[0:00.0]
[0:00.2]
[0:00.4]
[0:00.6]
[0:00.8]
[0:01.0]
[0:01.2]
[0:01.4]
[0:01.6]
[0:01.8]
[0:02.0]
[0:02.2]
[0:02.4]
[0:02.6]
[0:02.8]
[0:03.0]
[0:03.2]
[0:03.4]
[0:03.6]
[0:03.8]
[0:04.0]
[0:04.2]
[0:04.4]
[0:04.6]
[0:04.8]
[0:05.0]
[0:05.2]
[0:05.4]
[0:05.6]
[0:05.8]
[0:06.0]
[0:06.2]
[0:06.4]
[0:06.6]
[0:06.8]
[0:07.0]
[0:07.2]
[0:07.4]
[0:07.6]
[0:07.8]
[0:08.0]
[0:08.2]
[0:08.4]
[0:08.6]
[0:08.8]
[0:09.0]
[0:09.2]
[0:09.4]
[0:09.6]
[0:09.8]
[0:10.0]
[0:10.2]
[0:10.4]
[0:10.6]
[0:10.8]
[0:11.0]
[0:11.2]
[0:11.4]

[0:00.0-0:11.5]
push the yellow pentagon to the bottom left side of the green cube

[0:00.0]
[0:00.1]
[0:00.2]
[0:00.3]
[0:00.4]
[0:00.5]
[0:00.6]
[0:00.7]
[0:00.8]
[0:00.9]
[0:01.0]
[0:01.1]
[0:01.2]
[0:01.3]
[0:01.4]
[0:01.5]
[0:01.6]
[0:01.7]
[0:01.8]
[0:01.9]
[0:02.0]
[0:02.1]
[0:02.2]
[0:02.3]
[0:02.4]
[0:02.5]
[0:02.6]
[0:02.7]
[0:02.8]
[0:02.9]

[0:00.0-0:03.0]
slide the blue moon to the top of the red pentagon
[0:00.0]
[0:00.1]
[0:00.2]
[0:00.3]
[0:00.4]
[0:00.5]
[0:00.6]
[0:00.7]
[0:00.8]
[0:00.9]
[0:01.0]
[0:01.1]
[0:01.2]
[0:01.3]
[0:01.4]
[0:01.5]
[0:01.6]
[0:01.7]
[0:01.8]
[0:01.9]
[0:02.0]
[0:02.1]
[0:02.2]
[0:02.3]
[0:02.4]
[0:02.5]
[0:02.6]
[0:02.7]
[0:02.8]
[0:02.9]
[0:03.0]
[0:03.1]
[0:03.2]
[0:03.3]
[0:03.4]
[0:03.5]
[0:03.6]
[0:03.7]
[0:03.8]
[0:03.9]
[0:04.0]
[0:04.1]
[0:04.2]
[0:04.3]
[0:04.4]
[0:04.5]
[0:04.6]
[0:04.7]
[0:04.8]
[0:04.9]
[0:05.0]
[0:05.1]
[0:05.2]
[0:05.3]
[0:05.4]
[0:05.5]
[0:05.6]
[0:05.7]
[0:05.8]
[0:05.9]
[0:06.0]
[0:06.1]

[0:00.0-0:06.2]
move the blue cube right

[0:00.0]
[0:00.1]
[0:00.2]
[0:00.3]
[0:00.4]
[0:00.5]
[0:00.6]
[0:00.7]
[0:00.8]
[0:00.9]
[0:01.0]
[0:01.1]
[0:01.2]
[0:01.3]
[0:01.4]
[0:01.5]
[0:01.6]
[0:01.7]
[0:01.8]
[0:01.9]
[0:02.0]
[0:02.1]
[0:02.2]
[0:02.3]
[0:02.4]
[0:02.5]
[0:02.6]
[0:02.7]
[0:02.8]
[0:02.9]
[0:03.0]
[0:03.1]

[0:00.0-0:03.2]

━━━

WORK TO BE COMPLETED ▸
The entries are to be duplicated exactly, with nothing changed.

ANSWER BOX ▸
[0:00.0]
[0:00.2]
[0:00.4]
[0:00.6]
[0:00.8]
[0:01.0]
[0:01.2]
[0:01.4]
[0:01.6]
[0:01.8]
[0:02.0]
[0:02.2]
[0:02.4]
[0:02.6]
[0:02.8]
[0:03.0]
[0:03.2]
[0:03.4]
[0:03.6]
[0:03.8]
[0:04.0]
[0:04.2]
[0:04.4]
[0:04.6]
[0:04.8]
[0:05.0]
[0:05.2]
[0:05.4]
[0:05.6]
[0:05.8]
[0:06.0]
[0:06.2]
[0:06.4]
[0:06.6]
[0:06.8]
[0:07.0]
[0:07.2]
[0:07.4]
[0:07.6]
[0:07.8]
[0:08.0]
[0:08.2]
[0:08.4]
[0:08.6]
[0:08.8]
[0:09.0]
[0:09.2]
[0:09.4]
[0:09.6]
[0:09.8]
[0:10.0]
[0:10.2]
[0:10.4]
[0:10.6]
[0:10.8]
[0:11.0]
[0:11.2]
[0:11.4]

[0:00.0-0:11.5]
push the yellow pentagon to the bottom left side of the green cube

[0:00.0]
[0:00.1]
[0:00.2]
[0:00.3]
[0:00.4]
[0:00.5]
[0:00.6]
[0:00.7]
[0:00.8]
[0:00.9]
[0:01.0]
[0:01.1]
[0:01.2]
[0:01.3]
[0:01.4]
[0:01.5]
[0:01.6]
[0:01.7]
[0:01.8]
[0:01.9]
[0:02.0]
[0:02.1]
[0:02.2]
[0:02.3]
[0:02.4]
[0:02.5]
[0:02.6]
[0:02.7]
[0:02.8]
[0:02.9]

[0:00.0-0:03.0]
slide the blue moon to the top of the red pentagon
[0:00.0]
[0:00.1]
[0:00.2]
[0:00.3]
[0:00.4]
[0:00.5]
[0:00.6]
[0:00.7]
[0:00.8]
[0:00.9]
[0:01.0]
[0:01.1]
[0:01.2]
[0:01.3]
[0:01.4]
[0:01.5]
[0:01.6]
[0:01.7]
[0:01.8]
[0:01.9]
[0:02.0]
[0:02.1]
[0:02.2]
[0:02.3]
[0:02.4]
[0:02.5]
[0:02.6]
[0:02.7]
[0:02.8]
[0:02.9]
[0:03.0]
[0:03.1]
[0:03.2]
[0:03.3]
[0:03.4]
[0:03.5]
[0:03.6]
[0:03.7]
[0:03.8]
[0:03.9]
[0:04.0]
[0:04.1]
[0:04.2]
[0:04.3]
[0:04.4]
[0:04.5]
[0:04.6]
[0:04.7]
[0:04.8]
[0:04.9]
[0:05.0]
[0:05.1]
[0:05.2]
[0:05.3]
[0:05.4]
[0:05.5]
[0:05.6]
[0:05.7]
[0:05.8]
[0:05.9]
[0:06.0]
[0:06.1]

[0:00.0-0:06.2]
move the blue cube right

[0:00.0]
[0:00.1]
[0:00.2]
[0:00.3]
[0:00.4]
[0:00.5]
[0:00.6]
[0:00.7]
[0:00.8]
[0:00.9]
[0:01.0]
[0:01.1]
[0:01.2]
[0:01.3]
[0:01.4]
[0:01.5]
[0:01.6]
[0:01.7]
[0:01.8]
[0:01.9]
[0:02.0]
[0:02.1]
[0:02.2]
[0:02.3]
[0:02.4]
[0:02.5]
[0:02.6]
[0:02.7]
[0:02.8]
[0:02.9]
[0:03.0]
[0:03.1]

[0:00.0-0:03.2]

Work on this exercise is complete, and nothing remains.